John Burnside’s poem “Septuagesima” is a haunting meditation on the passage of time and the inevitability of mortality. Written in free verse, the poem is divided into three sections, each exploring a different aspect of these themes. Through vivid imagery, rich symbolism, and a masterful use of language, Burnside creates a powerful and deeply moving work of art that speaks to the human condition in profound ways.

The first section of the poem sets the tone for what is to come. It begins with an image of a “winter garden,” a place of stillness and silence where “the trees are bare, the earth is hard.” This garden is a metaphor for the human soul, which is also barren and cold in the face of mortality. The speaker then describes a “clockwork bird” that sings a mournful song, reminding us of the passing of time and the inevitability of death. The bird is a symbol of the fragility of life, and its song is a reminder that everything is fleeting and temporary.

The second section of the poem explores the idea of memory and how it shapes our understanding of time. The speaker describes a “room of mirrors” where “the past is always present.” This room is a metaphor for the human mind, which is constantly reflecting on the past and trying to make sense of it. The speaker then describes a “book of hours” that records the passing of time, but also serves as a record of our memories and experiences. The book is a symbol of the human desire to hold onto the past and to make it meaningful in the present.

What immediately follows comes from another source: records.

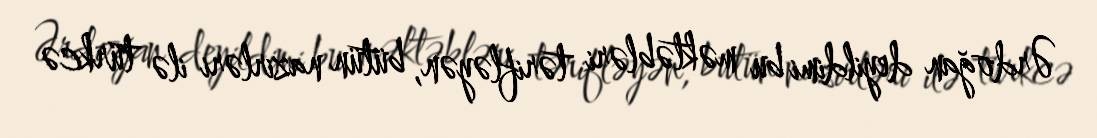
Ərdoğan deyildimi bu məktəbləri tərifləyən, bütün nazirləri ilə türkcə
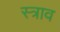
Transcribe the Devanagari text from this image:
स्‍त्राव
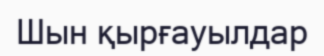
Шын қырғауылдар
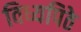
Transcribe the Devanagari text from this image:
विध्यपिठे
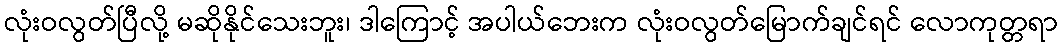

The final section of the poem brings together the themes of time and mortality in a powerful and poignant way. The speaker describes a “river of forgetfulness” that flows towards the sea, carrying with it all of our memories and experiences. This river is a metaphor for death, which erases everything we have ever known or experienced. The speaker then describes a “ship of fools” that sails on this river, a symbol of the human condition and our ultimate fate. The ship is filled with people who are lost and confused, searching for meaning in a world that is constantly slipping away from them.

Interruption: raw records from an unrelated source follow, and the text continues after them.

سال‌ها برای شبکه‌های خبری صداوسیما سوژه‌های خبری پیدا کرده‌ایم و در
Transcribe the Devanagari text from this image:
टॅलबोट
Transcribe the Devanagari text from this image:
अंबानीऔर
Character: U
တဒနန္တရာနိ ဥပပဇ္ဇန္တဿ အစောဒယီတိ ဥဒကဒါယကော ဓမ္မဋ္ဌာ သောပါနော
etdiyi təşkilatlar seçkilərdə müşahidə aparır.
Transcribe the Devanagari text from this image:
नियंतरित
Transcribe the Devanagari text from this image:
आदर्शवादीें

Throughout the poem, Burnside uses language in a masterful way to create a sense of timelessness and universality. His use of vivid imagery and rich symbolism creates a world that is both familiar and strange, inviting the reader to explore the depths of the human experience. The poem is also deeply emotional, evoking feelings of sadness, longing, and hope in equal measure.

In conclusion, “Septuagesima” is a powerful and deeply moving poem that speaks to the human condition in profound ways. Through its exploration of time and mortality, memory and forgetfulness, Burnside creates a work of art that is both timeless and universal. The poem reminds us of the fragility of life, the importance of memory, and the inevitability of death. It is a testament to the power of poetry to capture the essence of the human experience and to speak to us across time and space.